Une équipe internationale dirigée par des chercheurs de l'Université de Fribourg (UNIFR) a développé un système de classification des espèces invasives nous rendant la vie difficile. Il prend en compte notamment leur impact socio-économique.

En plus des impacts sur la biodiversité, allant de l’extinction des espèces indigènes à la destruction des écosystèmes, les espèces invasives peuvent affecter sérieusement les conditions de vie et la santé des êtres humains, indique l'UNIFR dans un communiqué.

Le moustique tigre (Aedes albopictus), par exemple, originaire d’Asie du Sud-Est, propage des maladies telles que la dengue. Présent dans le sud de la Suisse notamment, il constitue une menace sanitaire majeure dans de nombreux pays du globe.

Les insectes ne sont pas les seuls à poser problème. Le crapaud buffle (Rhinella marina), introduit en Australie afin d’exterminer certains insectes nuisibles, a proliféré de manière incontrôlable dans de vastes territoires. Certaines traditions, comme par exemple la chasse aux animaux de brousse, ont disparu faute de gibier, décimé par la présence du crapaud géant.

Evaluation pas seulement matérielle

Jusqu’à présent, les répercussions des espèces envahissantes sur les conditions de vie et le bien-être des populations n’ont fait l’objet que de peu d’attention, voire ont été sous-estimées du fait de leur impact financier souvent négligeable.

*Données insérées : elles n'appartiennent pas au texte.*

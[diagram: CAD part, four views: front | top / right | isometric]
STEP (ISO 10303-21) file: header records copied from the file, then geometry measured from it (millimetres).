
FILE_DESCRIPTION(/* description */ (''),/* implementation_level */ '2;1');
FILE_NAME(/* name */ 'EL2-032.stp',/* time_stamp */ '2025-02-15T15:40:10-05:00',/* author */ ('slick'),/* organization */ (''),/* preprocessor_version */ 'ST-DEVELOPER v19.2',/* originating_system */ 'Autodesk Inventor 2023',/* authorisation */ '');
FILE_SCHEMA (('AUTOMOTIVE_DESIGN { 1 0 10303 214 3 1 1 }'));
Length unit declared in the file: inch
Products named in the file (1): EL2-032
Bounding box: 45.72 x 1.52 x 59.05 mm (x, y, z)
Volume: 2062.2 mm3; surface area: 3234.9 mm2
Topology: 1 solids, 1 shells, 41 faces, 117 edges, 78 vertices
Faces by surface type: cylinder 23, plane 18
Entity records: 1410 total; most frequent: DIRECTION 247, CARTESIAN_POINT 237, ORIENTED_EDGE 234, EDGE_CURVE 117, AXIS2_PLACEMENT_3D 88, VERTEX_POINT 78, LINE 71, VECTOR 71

Sous la direction de Sven Bacher, professeur de biologie à l'UNIFR, une équipe internationale composée de 22 chercheurs a développé un nouveau système pour la classification de ces répercussions socio-économiques. Baptisé SEICAT ("Socio-Economic Impact Classification of Alien Taxa"), il est présenté dans la revue Methods in Ecology and Evolution

"Le système classe les espèces envahissantes en fonction de leurs impacts sur la vie des humains, respectivement sur leurs habitudes et leurs activités", explique le Pr Bacher, cité dans le communiqué.

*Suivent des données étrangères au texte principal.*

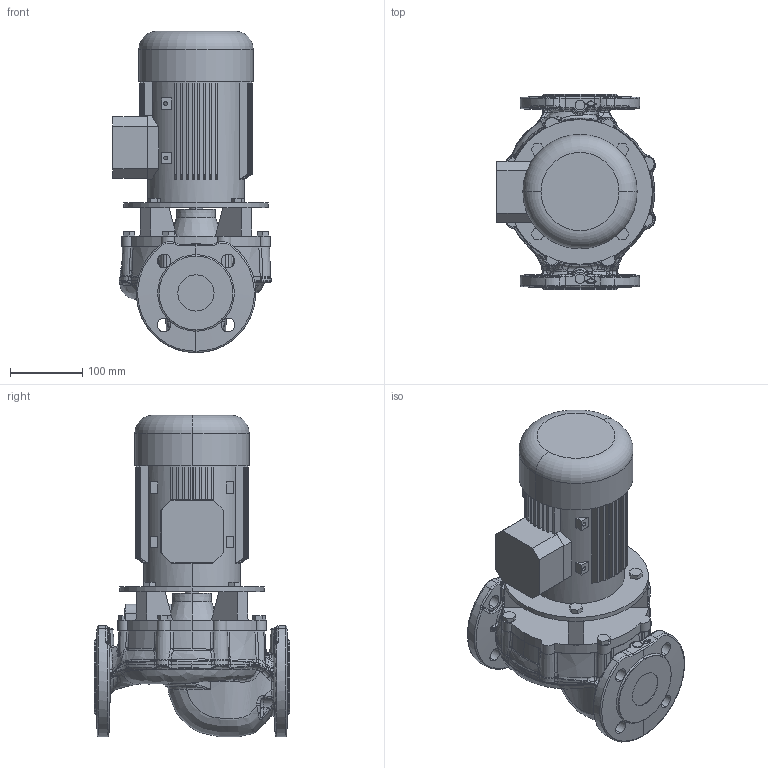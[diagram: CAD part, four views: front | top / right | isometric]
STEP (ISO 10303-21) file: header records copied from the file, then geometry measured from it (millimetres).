
FILE_DESCRIPTION (( 'STEP AP203' ), '1' );
FILE_NAME ('VariA 50-7.STEP', '2014-07-08T09:30:23', ( '' ), ( '' ), 'SwSTEP 2.0', 'SolidWorks 2011', '' );
FILE_SCHEMA (( 'CONFIG_CONTROL_DESIGN' ));
Length unit declared in the file: millimetre
Products named in the file (1): VariA 50-7
Bounding box: 218.97 x 270 x 444 mm (x, y, z)
Volume: 8830894 mm3; surface area: 622396 mm2
Topology: 4 solids, 4 shells, 1207 faces, 3015 edges, 1814 vertices
Faces by surface type: bspline 556, plane 238, cylinder 211, cone 115, torus 60, sphere 27
Entity records: 74258 total; most frequent: CARTESIAN_POINT 49551, ORIENTED_EDGE 5942, DIRECTION 4050, EDGE_CURVE 2971, VERTEX_POINT 1812, AXIS2_PLACEMENT_3D 1620, EDGE_LOOP 1263, ADVANCED_FACE 1207

En mesurant les changements que les espèces invasives causent sur les habitudes et les activités humaines, SEICAT inclut la notion de bien-être humain, un paramètre négligé par les systèmes de mesure purement économiques. Les multiples incidences des espèces invasives - qu’elles soient sociales, culturelles et matérielles - sont toutes mesurées et quantifiées selon la même unité de mesure.

De surcroît, contrairement aux indicateurs économiques, SEICAT n’est pas tributaire de grands volumes de données et permet, dans un laps de temps réduit, un classement des espèces les plus invasives, des plus problématiques aux moins problématiques. Il permet ainsi par exemple de décider quelle espèce doit être combattue en priorité.